Function standardization makes it easy for programmers experienced with C to quickly learn enough about Ezprot to put the classes into use in real programs.

Logical Structure of Protein Objects

Programs that analyze protein sequence usually represent a protein as an array of amino acids. Programs that analyze protein structure usually represent a protein as an array of atoms. In Ezprot, protein objects have a logical structure that can handle sequence or atomic-level detail equally well.

As illustrated in Fig. 1, a protein object can be treated like an array of chains. An aa_chain object can be treated like an array of amino_acid objects. An amino_acid object can be treated like an array of atom objects. Normally, memory for such collections is allocated dynamically and automatically by Ezprot functions. Thus, if the user of Ezprot wants to analyze sequence but not structure, no memory is allocated for atom objects.

Here we the print the three-letter code for the type of a single amino acid from superoxide dismutase.

#include "protein.h" /* Header file declares protein class */
protein prot;
int     n_chain, n_aa;
 
/* Read PDB file for superoxide dismutase: */
prot.read_pdb_file( "PDB2SOD.ENT");
 
n_chain = 1;  n_aa = 20;
printf("Residue:%s\n", prot[ n_chain][ n_aa].name());

(4)

A protein is not really an array.
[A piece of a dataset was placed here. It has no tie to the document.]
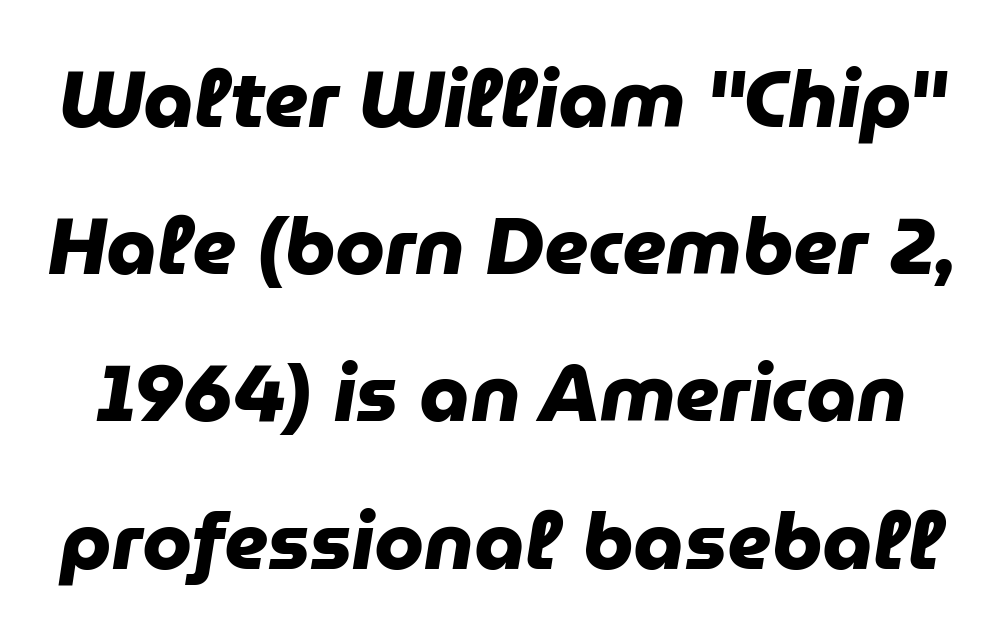
{"serif": "no", "bold": "yes", "weight": "heavy", "width": "normal", "stroke_contrast": "low", "x_height": "medium", "monospaced": "no", "underline": "no", "line_spacing_ratio": 1.84, "letter_spacing": "normal", "letter_spacing_em": 0.0, "glyph_px": 80}

When the bracket operator [] is applied to a protein, it invokes an Ezprot library function that returns the chain with the right index. Operator [n_chain] applied to a protein returns the n_chainth. chain, and then operator [n_aa] applied to that chain returns the amino acid. The function name() was applied to the n_aath. amino acid of the n_chainth. chain, and will return its' three-letter code.

Here we access a particular atom:

at_z = prot[ n_chain][ n_aa][ n_at].z();

(5)

The function z() was applied to the n_atth. atom of the n_aath. amino acid of the n_chainth. chain, and it returns that atom's z coordinate.
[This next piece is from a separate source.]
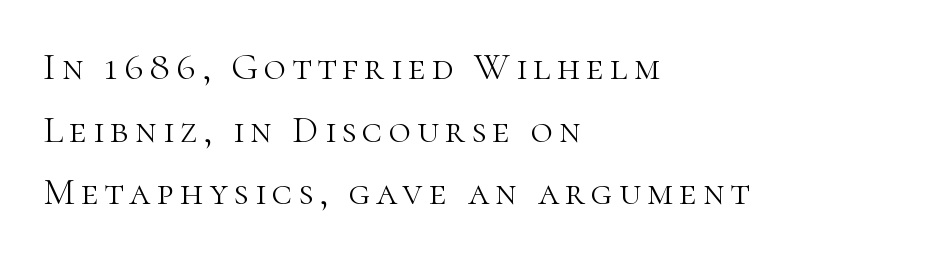
Just letters on the line, the space beneath them empty. The leading is moderate, giving the passage an even texture. The text block is weighted toward the left margin, trailing off unevenly rightward. Unlike italic type, these characters show no tilt at all. The typeface chosen for these lines features serifs.

Furthermore, if you applied another function, num_elems(), to a protein, it would return a count of how many chains the protein contains; and num_elems() applied to an aa_chain will return a count of how many amino_acids the chain contains, etc. Using functions like num_elems() and operator [] it is possible to loop through all atoms in a protein, which would require three nested loops. The essential point is that proteins, chains, and amino acids all respond to common functions.

In practice, however, the bracket operator and integer counters are almost never used to iterate. The code fragment (5) is only presented for illustrative purposes, to get the reader used to the idea of a protein as a collection of chains, etc. The preferred method in C to iterate through a collection is with pointers to elements, and this is the convention in C++ as well.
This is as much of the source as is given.